The labels above are on the back of the chair (manufacturer's seal) and the front (Scottish Rite seal).


This chair is part of the display at the History Center featuring Rastetter's work.
Tuesday, February 14, 2012
Louis Rastetter & Sons Folding Chairs and Tables
The firm began in 1882 in a small machine shop at the corner to Jefferson and Calhoun streets. Its founder, Louis C. Rastetter, a native of Baden, Germany, had arrived in New York in 1854, and after several years in that state, finally reached Fort Wayne and found work in the Wabash Railroad Shops. He manufactured clocks, including one for the 1860 courthouse, and by 1882 began developing a line of bent wood bows of various sizes for use as the framework for buggy tops.
The firm continued to grow. In 1887, Rastetter moved his business to Broadway, near the junction of the Pennsylvania Railroad, where he began making fuse and connection boxes for the Jenney Electric Light Company, the forerunner of General Electric. In 1890, he won a contract with the A. G. Spalding Company for making bent wood frames for tennis rackets. Spalding was so impressed that it bought all of Rastetter's tennis racket equipment and moved it to its own plant in Massachusetts.
The Rastetter Company remained innovative. It continued to make buggy tops but added to it the manufacture of bicycle rims to keep up with the new craze in cycling in the 1890s. The factory moved again in 1895 to Wall Street at the corner of Nelson, one block west of Garden Street. When Louis Rastetter died in 1898, he was succeeded by his son, William, who shifted the business focus from bicycle rims to wooden steering wheel rims for newly-manufactured automobiles. As these began to evolve away from horseless carriages with buggy tops to more substantial, closed-body vehicles, the company's business declined, and William began to look for something else for his company to manufacture. He then arrived at the decision that would transform the firm and make it well-known across America: the manufacture of folding furniture.
Folding furniture was a natural fit for a company with a long experience in making foldable buggy tops. The chairs were strong, durable, and were soon designed to accompany matching folding tables. By the 1930s, the company made the largest assortment of such card tables and chairs of any in the United States. A radio script on the history of local businesses from WGL in 1937 praised Rastetter's work and the diversity of its craftsmanship. "Such beautiful period types as Duncan Phyfe, Chippendale, New Classic, Sheraton, and Moderne are now included as standard in their line. Their folding tables have been immensely improved - tables without braces showing on the legs - that are far more rigid than the old type." Rastetter also won large contracts with cruise ship companies and manufactured folding chairs for ocean liners. Churches, businesses, and clubs all over the country also purchased many of the chairs. The standard label read the "Solid Kumfort Folding Chair." The company remained in business until the early 1960s.

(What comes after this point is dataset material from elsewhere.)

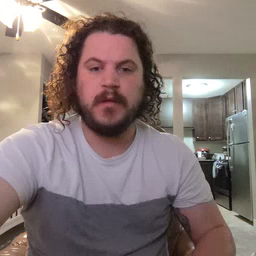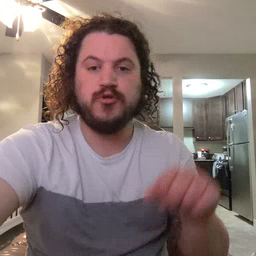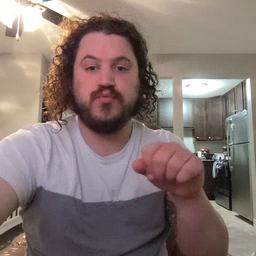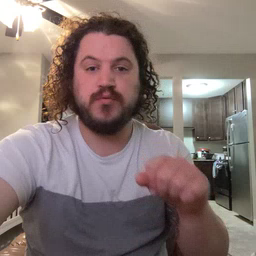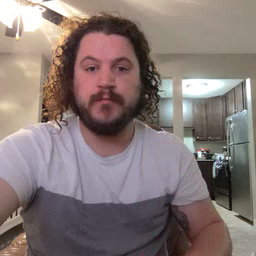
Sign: shoe

By looking at the original label on a Rastetter chair or table, it is possible to tell the date of its manufacture. The company offered many different styles, coverings, and varnishes over its long history. Because the furniture was so widely distributed and associated with quality, each piece served as a kind of ambassador for Fort Wayne and the people who made it. Or as the radio script from 1937 stated, "Naturally, this reflects in no small way the increasing evidence of Fort Wayne as a diversified manufacturing center."
So if you have a Rastetter table and chair set, especially in pristine original condition, treasure it. Such sets are highly sought after by collectors. The several sets my wife and I own are still in regular use on gaming nights with our children or when we have extra company at our dining table. How do you use yours?